Step 1: Review the full system
Before delivering anything, review what you have built. Walk through the components:
- The Pipeline with ColumnTransformer -- handling numeric, categorical, and text features in a single structure that prevents leakage by design
- The transfer learning model -- pretrained language understanding adapted to match quality prediction
- The fairness audit -- disaggregated evaluation showing the regional disparity, the investigation into why it existed, and the intervention that reduced it
- The MLflow experiments -- baseline vs transfer learning comparison, pre- and post-fairness metrics
Everything should be documented and reproducible. If the session has grown long, consolidating the key decisions into a fresh context helps keep the final deliverables clean.
Step 2: Write the client summary
Priya needs a document she can share with her team and reference when questions come up. This is not a technical report -- it is a communication deliverable written in terms her operations team can act on.
Cover: what the model does (scores nurse-hospital matches and ranks them), how to interpret the scores (what a high score means, what a low score means), the fairness measures in place (regional parity constraints, the monitoring cadence), and what to watch for going forward.
The going-forward section matters. Priya asked a good question: "How will we know if the bias comes back as we collect more data?" Be honest -- monitoring is infrastructure that comes in future work. For now, running the disaggregated evaluation periodically on new placement data is the minimum.
Step 3: Priya's final review
Share the summary with Priya. She reviews it and gives feedback.
She is satisfied -- the fairness measures address the board's equity policy, and the ranked match list is practical for her team. She asks one more question: how does the team use the ranked list in practice? Walk her through the workflow -- her team reviews the top matches for each position, approves or adjusts, and the placements proceed.
Step 4: Push to GitHub
Write a README that communicates the project's scope, approach, and fairness considerations. The README should cover:
- What the model does and who it is for
- The data pipeline (Pipeline with ColumnTransformer handling heterogeneous data)
- The model architecture (transfer learning for text, scikit-learn for structured features)
- The fairness audit (what was found, what was done, what the trade-offs are)
- How to run the system
The Pipeline's structure in the README tells another practitioner exactly what happens to the data. That is the Pipeline as a communication artifact -- not just code that runs, but documentation that explains.

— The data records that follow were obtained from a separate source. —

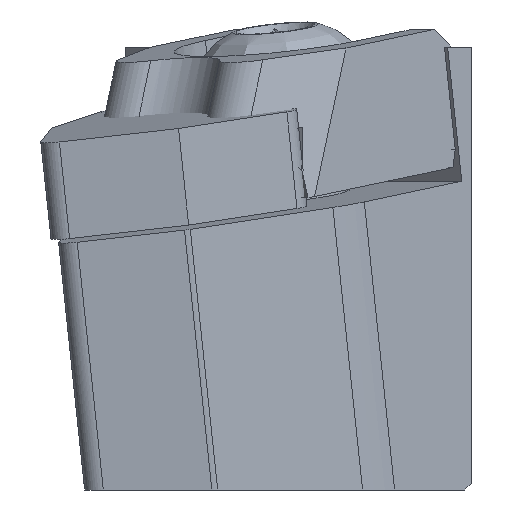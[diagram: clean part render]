
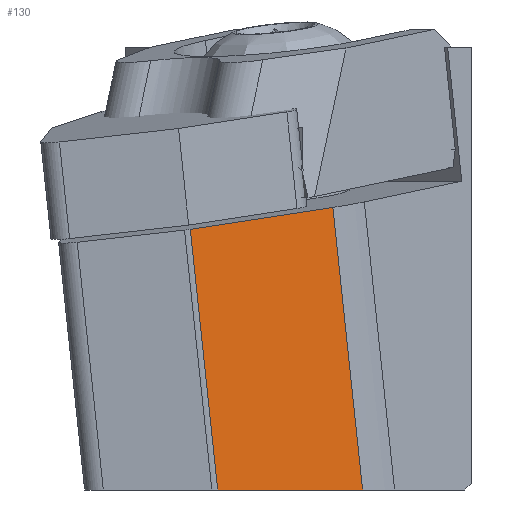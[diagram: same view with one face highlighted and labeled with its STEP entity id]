
A CAD part, left-side view. The second image highlights one B-rep face of the part: STEP entity #130.
In plain terms, the highlighted planar face has unit normal (-0.906, -0.42, -0.051).
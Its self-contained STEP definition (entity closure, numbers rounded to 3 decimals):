
#130=ADVANCED_FACE('',(#279),#210,.F.);
#210=PLANE('',#1559);
#279=FACE_OUTER_BOUND('',#355,.T.);
#355=EDGE_LOOP('',(#483,#484,#485,#486));
#483=ORIENTED_EDGE('',*,*,#1033,.F.);
#484=ORIENTED_EDGE('',*,*,#1032,.F.);
#485=ORIENTED_EDGE('',*,*,#1034,.F.);
#486=ORIENTED_EDGE('',*,*,#1035,.T.);
#889=VERTEX_POINT('',#2140);
#890=VERTEX_POINT('',#2142);
#891=VERTEX_POINT('',#2146);
#892=VERTEX_POINT('',#2148);
#1032=EDGE_CURVE('',#890,#889,#1234,.T.);
#1033=EDGE_CURVE('',#889,#891,#1235,.T.);
#1034=EDGE_CURVE('',#892,#890,#1236,.T.);
#1035=EDGE_CURVE('',#892,#891,#1237,.T.);
#1234=LINE('',#2143,#1402);
#1235=LINE('',#2145,#1403);
#1236=LINE('',#2147,#1404);
#1237=LINE('',#2149,#1405);
#1402=VECTOR('',#1724,1.);
#1403=VECTOR('',#1727,1.);
#1404=VECTOR('',#1728,1.);
#1405=VECTOR('',#1729,1.);
#1559=AXIS2_PLACEMENT_3D('',#2150,#1730,#1731);
#1724=DIRECTION('',(-0.105,0.104,0.989));
#1727=DIRECTION('',(0.41,-0.901,0.138));
#1728=DIRECTION('',(-0.421,0.907,0.));
#1729=DIRECTION('',(-0.105,0.104,0.989));
#1730=DIRECTION('',(0.906,0.42,0.052));
#1731=DIRECTION('',(0.421,-0.907,0.));
#2140=CARTESIAN_POINT('',(1.343,13.001,-3.935));
#2142=CARTESIAN_POINT('',(2.618,11.733,-16.));
#2143=CARTESIAN_POINT('',(3.434,10.922,-23.716));
#2145=CARTESIAN_POINT('',(1.343,13.001,-3.935));
#2146=CARTESIAN_POINT('',(4.349,6.401,-2.924));
#2147=CARTESIAN_POINT('',(3.073,10.754,-16.));
#2148=CARTESIAN_POINT('',(5.731,5.027,-16.));
#2149=CARTESIAN_POINT('',(6.439,4.322,-22.705));
#2150=CARTESIAN_POINT('',(3.434,10.922,-23.716));

Push everything to GitHub: the Pipeline code, the model or training script, the fairness audit report with disaggregated metrics, the README, and the client summary.
Step 5: Final commit
Review the repository. Commit any remaining changes with a descriptive message.

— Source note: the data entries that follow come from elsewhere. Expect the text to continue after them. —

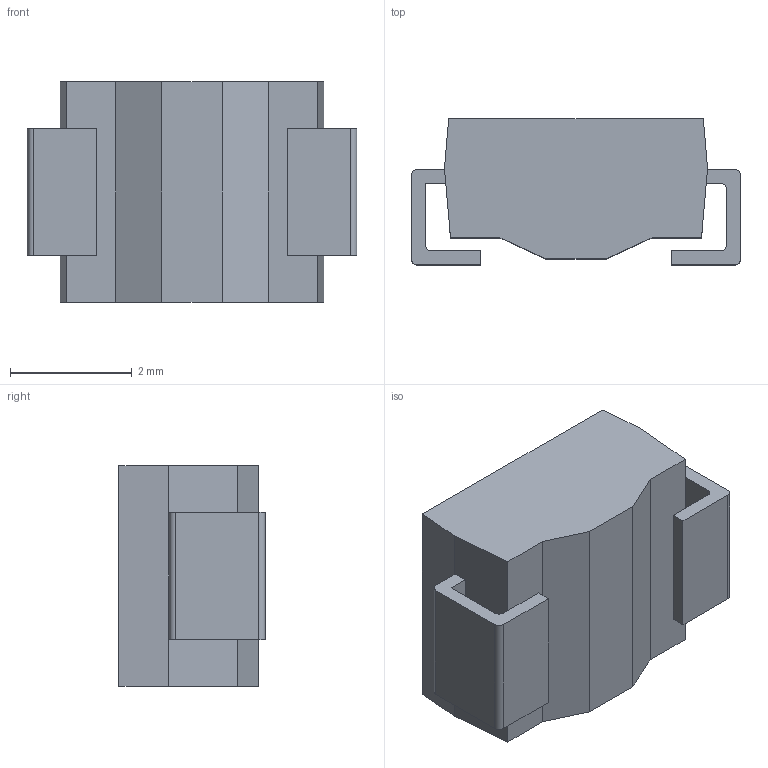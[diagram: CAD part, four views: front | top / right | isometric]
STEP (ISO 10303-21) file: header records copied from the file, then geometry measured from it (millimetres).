
FILE_DESCRIPTION( ( 'Unknown' ), '1' );
FILE_NAME( 'DO-214AA_Bidirectional.stp', 'Unknown', ( 'Unknown' ), ( 'Unknown' ), 'PSStep 17.0.49', 'Unknown', ' ' );
FILE_SCHEMA( ( 'AUTOMOTIVE_DESIGN { 1 0 10303 214 1 1 1 1 }' ) );
Length unit declared in the file: millimetre
Products named in the file (1): SMBJ-ALL
Bounding box: 5.4 x 2.4 x 3.62 mm (x, y, z)
Volume: 34.7 mm3; surface area: 87.7 mm2
Topology: 1 solids, 1 shells, 109 faces, 285 edges, 190 vertices
Faces by surface type: plane 86, extrusion 16, cylinder 7
Entity records: 4829 total; most frequent: CARTESIAN_POINT 1485, ORIENTED_EDGE 568, DIRECTION 378, EDGE_CURVE 284, VERTEX_POINT 190, VECTOR 162, LINE 146, B_SPLINE_CURVE_WITH_KNOTS 140

The project is complete. You built a matching model that handles heterogeneous data through a Pipeline, adapted pretrained language understanding through transfer learning, and discovered -- then addressed -- regional bias that aggregate metrics hid.
Check: The GitHub repository contains: the Pipeline code, the trained model or model training script, the fairness audit report with disaggregated metrics, the README, and the client summary document.